# Minerals research Holland



## Honey-4-All (Dec 19, 2008)

Good to see another Dutchman besides myself trying to plug his finger in this darn CCD Dyk hole. Do you know if he is heading to CALI?


----------



## mgstei1 (Jan 11, 2014)

He has got test programs in Florida which has lots of hive beetles and lots of commercial beeks also. He said he will be here 2 more months. Right now he is concentrating on the Texas Coast and gathering data and test sites. It all makes sense and I can tell his heart is all in this endeavor. Hopefully as the line of volunteers from our association were long, wanting their yards to be a test ground so I left.

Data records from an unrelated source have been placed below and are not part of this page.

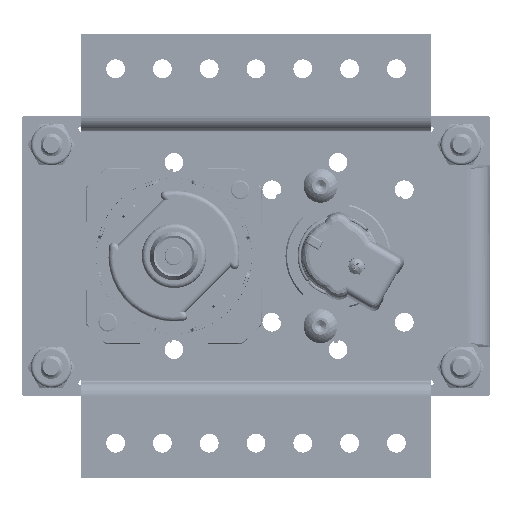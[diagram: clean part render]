
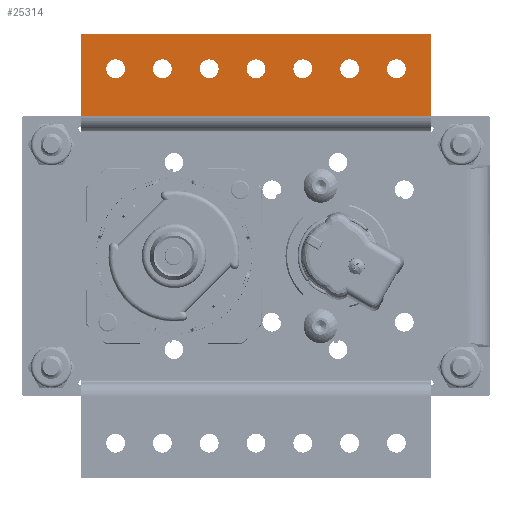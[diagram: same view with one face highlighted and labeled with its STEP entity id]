
A CAD part, front view. The second image highlights one B-rep face of the part: STEP entity #25314.
In plain terms, the highlighted face is planar.
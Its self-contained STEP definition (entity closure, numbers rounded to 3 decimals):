
#309 = ORIENTED_EDGE ( 'NONE', *, *, #88421, .F. ) ;
#331 = ORIENTED_EDGE ( 'NONE', *, *, #29838, .T. ) ;
#607 = ORIENTED_EDGE ( 'NONE', *, *, #83210, .T. ) ;
#1690 = ORIENTED_EDGE ( 'NONE', *, *, #3874, .T. ) ;
#1827 = VERTEX_POINT ( 'NONE', #39077 ) ;
#1951 = DIRECTION ( 'NONE',  ( 0., 0., -1. ) ) ;
#2127 = ORIENTED_EDGE ( 'NONE', *, *, #98264, .T. ) ;
#2291 = ORIENTED_EDGE ( 'NONE', *, *, #35143, .T. ) ;
#3427 = CARTESIAN_POINT ( 'NONE',  ( -15.837, 3.175, 50.8 ) ) ;
#3496 = ORIENTED_EDGE ( 'NONE', *, *, #59887, .T. ) ;
#3874 = EDGE_CURVE ( 'NONE', #9353, #9353, #8219, .T. ) ;
#4112 = EDGE_LOOP ( 'NONE', ( #48153, #102576, #74874, #309, #331, #607 ) ) ;
#4120 = ORIENTED_EDGE ( 'NONE', *, *, #78008, .T. ) ;
#4537 = VERTEX_POINT ( 'NONE', #41778 ) ;
#5043 = DIRECTION ( 'NONE',  ( 0., -1., 0. ) ) ;
#5352 = ORIENTED_EDGE ( 'NONE', *, *, #39416, .T. ) ;
#5443 = VERTEX_POINT ( 'NONE', #42662 ) ;
#6674 = EDGE_CURVE ( 'NONE', #99683, #40366, #48384, .T. ) ;
#8219 = CIRCLE ( 'NONE', #76293, 2.553 ) ;
#8672 = FACE_BOUND ( 'NONE', #119937, .T. ) ;
#9300 = CIRCLE ( 'NONE', #77357, 2.553 ) ;
#9353 = VERTEX_POINT ( 'NONE', #46572 ) ;
#11264 = CARTESIAN_POINT ( 'NONE',  ( -24.6, 3.175, 59.563 ) ) ;
#12222 = CARTESIAN_POINT ( 'NONE',  ( 47.663, 3.175, 48.247 ) ) ;
#12231 = CARTESIAN_POINT ( 'NONE',  ( 22.263, 3.175, 50.8 ) ) ;
#14047 = DIRECTION ( 'NONE',  ( 0., -1., 0. ) ) ;
#14457 = AXIS2_PLACEMENT_3D ( 'NONE', #11264, #48465, #85427 ) ;
#15649 = EDGE_LOOP ( 'NONE', ( #2291 ) ) ;
#15666 = ORIENTED_EDGE ( 'NONE', *, *, #102846, .T. ) ;
#16006 = CARTESIAN_POINT ( 'NONE',  ( -3.137, 3.175, 50.8 ) ) ;
#16454 = LINE ( 'NONE', #53693, #31930 ) ;
#17857 = FACE_BOUND ( 'NONE', #31204, .T. ) ;
#19215 = DIRECTION ( 'NONE',  ( 0., 0., -1. ) ) ;
#19466 = EDGE_LOOP ( 'NONE', ( #15666 ) ) ;
#19889 = CARTESIAN_POINT ( 'NONE',  ( 47.663, 3.175, 50.8 ) ) ;
#25314 = ADVANCED_FACE ( 'NONE', ( #73242, #100971, #17857, #55092, #91959, #8672, #45883, #82895 ), #119673, .F. ) ;
#27077 = AXIS2_PLACEMENT_3D ( 'NONE', #65551, #102287, #19215 ) ;
#28321 = CARTESIAN_POINT ( 'NONE',  ( 0., 3.175, 38.103 ) ) ;
#29144 = CARTESIAN_POINT ( 'NONE',  ( 69.888, 3.175, 60.325 ) ) ;
#29838 = EDGE_CURVE ( 'NONE', #70875, #89689, #16454, .T. ) ;
#30091 = VERTEX_POINT ( 'NONE', #67283 ) ;
#30998 = VERTEX_POINT ( 'NONE', #31226 ) ;
#31204 = EDGE_LOOP ( 'NONE', ( #2127 ) ) ;
#31226 = CARTESIAN_POINT ( 'NONE',  ( 69.126, 3.175, 60.325 ) ) ;
#31930 = VECTOR ( 'NONE', #90589, 1000. ) ;
#33933 = EDGE_LOOP ( 'NONE', ( #1690 ) ) ;
#35143 = EDGE_CURVE ( 'NONE', #95433, #95433, #48408, .T. ) ;
#36756 = CARTESIAN_POINT ( 'NONE',  ( 0., 3.175, -1.384 ) ) ;
#38058 = CIRCLE ( 'NONE', #105761, 2.553 ) ;
#39077 = CARTESIAN_POINT ( 'NONE',  ( -3.137, 3.175, 48.247 ) ) ;
#39361 = CIRCLE ( 'NONE', #107062, 2.553 ) ;
#39416 = EDGE_CURVE ( 'NONE', #5443, #5443, #39361, .T. ) ;
#40366 = VERTEX_POINT ( 'NONE', #93646 ) ;
#40663 = DIRECTION ( 'NONE',  ( 0., -1., 0. ) ) ;
#41764 = VECTOR ( 'NONE', #1951, 1000. ) ;
#41778 = CARTESIAN_POINT ( 'NONE',  ( 34.963, 3.175, 48.247 ) ) ;
#42275 = DIRECTION ( 'NONE',  ( 0., 0., -1. ) ) ;
#42662 = CARTESIAN_POINT ( 'NONE',  ( -15.837, 3.175, 48.247 ) ) ;
#43984 = CARTESIAN_POINT ( 'NONE',  ( 69.126, 3.175, 59.563 ) ) ;
#45883 = FACE_BOUND ( 'NONE', #116556, .T. ) ;
#46572 = CARTESIAN_POINT ( 'NONE',  ( 9.563, 3.175, 48.247 ) ) ;
#48153 = ORIENTED_EDGE ( 'NONE', *, *, #55758, .T. ) ;
#48384 = LINE ( 'NONE', #85350, #41764 ) ;
#48408 = CIRCLE ( 'NONE', #115981, 2.553 ) ;
#48465 = DIRECTION ( 'NONE',  ( 0., 1., 0. ) ) ;
#49436 = DIRECTION ( 'NONE',  ( 0., -1., 0. ) ) ;
#49892 = EDGE_LOOP ( 'NONE', ( #3496 ) ) ;
#51274 = DIRECTION ( 'NONE',  ( 0., 0., -1. ) ) ;
#52844 = AXIS2_PLACEMENT_3D ( 'NONE', #88379, #5043, #42275 ) ;
#53226 = DIRECTION ( 'NONE',  ( 0., -1., 0. ) ) ;
#53693 = CARTESIAN_POINT ( 'NONE',  ( -25.362, 3.175, 58.941 ) ) ;
#53720 = AXIS2_PLACEMENT_3D ( 'NONE', #36756, #73843, #110568 ) ;
#55092 = FACE_BOUND ( 'NONE', #15649, .T. ) ;
#55641 = VERTEX_POINT ( 'NONE', #92513 ) ;
#55758 = EDGE_CURVE ( 'NONE', #80217, #30998, #112114, .T. ) ;
#56259 = AXIS2_PLACEMENT_3D ( 'NONE', #43984, #81016, #117775 ) ;
#56293 = EDGE_CURVE ( 'NONE', #30998, #99683, #108303, .T. ) ;
#57098 = DIRECTION ( 'NONE',  ( 0., -1., 0. ) ) ;
#59887 = EDGE_CURVE ( 'NONE', #4537, #4537, #79494, .T. ) ;
#61819 = CARTESIAN_POINT ( 'NONE',  ( -25.362, 3.175, 59.563 ) ) ;
#61837 = CARTESIAN_POINT ( 'NONE',  ( 69.888, 3.175, 59.563 ) ) ;
#61947 = VECTOR ( 'NONE', #65510, 1000. ) ;
#65510 = DIRECTION ( 'NONE',  ( 1., 0., 0. ) ) ;
#65551 = CARTESIAN_POINT ( 'NONE',  ( 34.963, 3.175, 50.8 ) ) ;
#66343 = DIRECTION ( 'NONE',  ( 1., 0., 0. ) ) ;
#67009 = CIRCLE ( 'NONE', #14457, 0.762 ) ;
#67283 = CARTESIAN_POINT ( 'NONE',  ( 22.263, 3.175, 48.247 ) ) ;
#69698 = VECTOR ( 'NONE', #66343, 1000. ) ;
#70875 = VERTEX_POINT ( 'NONE', #109930 ) ;
#73242 = FACE_OUTER_BOUND ( 'NONE', #4112, .T. ) ;
#73843 = DIRECTION ( 'NONE',  ( 0., -1., 0. ) ) ;
#74874 = ORIENTED_EDGE ( 'NONE', *, *, #6674, .T. ) ;
#76293 = AXIS2_PLACEMENT_3D ( 'NONE', #97244, #14047, #51274 ) ;
#77357 = AXIS2_PLACEMENT_3D ( 'NONE', #12231, #49436, #86388 ) ;
#77755 = DIRECTION ( 'NONE',  ( 0., 0., -1. ) ) ;
#78008 = EDGE_CURVE ( 'NONE', #30091, #30091, #9300, .T. ) ;
#79494 = CIRCLE ( 'NONE', #27077, 2.553 ) ;
#80217 = VERTEX_POINT ( 'NONE', #110604 ) ;
#81016 = DIRECTION ( 'NONE',  ( 0., 1., 0. ) ) ;
#82895 = FACE_BOUND ( 'NONE', #19466, .T. ) ;
#83210 = EDGE_CURVE ( 'NONE', #89689, #80217, #67009, .T. ) ;
#85350 = CARTESIAN_POINT ( 'NONE',  ( 69.888, 3.175, 32.271 ) ) ;
#85427 = DIRECTION ( 'NONE',  ( 0., 0., -1. ) ) ;
#86388 = DIRECTION ( 'NONE',  ( 0., 0., -1. ) ) ;
#88379 = CARTESIAN_POINT ( 'NONE',  ( 60.363, 3.175, 50.8 ) ) ;
#88421 = EDGE_CURVE ( 'NONE', #70875, #40366, #111279, .T. ) ;
#89689 = VERTEX_POINT ( 'NONE', #61819 ) ;
#90110 = DIRECTION ( 'NONE',  ( 0., 0., -1. ) ) ;
#90589 = DIRECTION ( 'NONE',  ( 0., 0., 1. ) ) ;
#91959 = FACE_BOUND ( 'NONE', #49892, .T. ) ;
#92513 = CARTESIAN_POINT ( 'NONE',  ( 60.363, 3.175, 48.247 ) ) ;
#93646 = CARTESIAN_POINT ( 'NONE',  ( 69.888, 3.175, 38.103 ) ) ;
#93949 = DIRECTION ( 'NONE',  ( 0., 0., -1. ) ) ;
#95433 = VERTEX_POINT ( 'NONE', #12222 ) ;
#97244 = CARTESIAN_POINT ( 'NONE',  ( 9.563, 3.175, 50.8 ) ) ;
#98264 = EDGE_CURVE ( 'NONE', #55641, #55641, #104924, .T. ) ;
#99683 = VERTEX_POINT ( 'NONE', #61837 ) ;
#100971 = FACE_BOUND ( 'NONE', #33933, .T. ) ;
#102287 = DIRECTION ( 'NONE',  ( 0., -1., 0. ) ) ;
#102576 = ORIENTED_EDGE ( 'NONE', *, *, #56293, .T. ) ;
#102846 = EDGE_CURVE ( 'NONE', #1827, #1827, #38058, .T. ) ;
#104924 = CIRCLE ( 'NONE', #52844, 2.553 ) ;
#105761 = AXIS2_PLACEMENT_3D ( 'NONE', #16006, #53226, #90110 ) ;
#107062 = AXIS2_PLACEMENT_3D ( 'NONE', #3427, #40663, #77755 ) ;
#108303 = CIRCLE ( 'NONE', #56259, 0.762 ) ;
#109930 = CARTESIAN_POINT ( 'NONE',  ( -25.362, 3.175, 38.103 ) ) ;
#110568 = DIRECTION ( 'NONE',  ( 0., 0., -1. ) ) ;
#110604 = CARTESIAN_POINT ( 'NONE',  ( -24.6, 3.175, 60.325 ) ) ;
#111279 = LINE ( 'NONE', #28321, #61947 ) ;
#112114 = LINE ( 'NONE', #29144, #69698 ) ;
#115981 = AXIS2_PLACEMENT_3D ( 'NONE', #19889, #57098, #93949 ) ;
#116556 = EDGE_LOOP ( 'NONE', ( #5352 ) ) ;
#117775 = DIRECTION ( 'NONE',  ( 0., 0., -1. ) ) ;
#119673 = PLANE ( 'NONE',  #53720 ) ;
#119937 = EDGE_LOOP ( 'NONE', ( #4120 ) ) ;

He puts the mineral rich patties in 1/2 of the hives and 1/2 is just a placebo but outa the same patty material. He knows what he is after and has never kept bees. But he was extremely knowledgable about the life cycles of bees.
Hopefully our association will put out findings and issues from the beeks that have accepted his testing. 
I wish him and all of us that his theory will work and help save the bees and extend their lives like they used to be.


----------



## rwlaw (May 4, 2009)

I can groove on what he's doing. But what attracts bees screams to the friggin SHB. Maybe those minerals in a soluble solution for water, I add livestock salt in the water for the bees & they seem to prefer that over just water.


----------



## cg3 (Jan 16, 2011)

Where in the heck do they experience 38% losses from CCD?


----------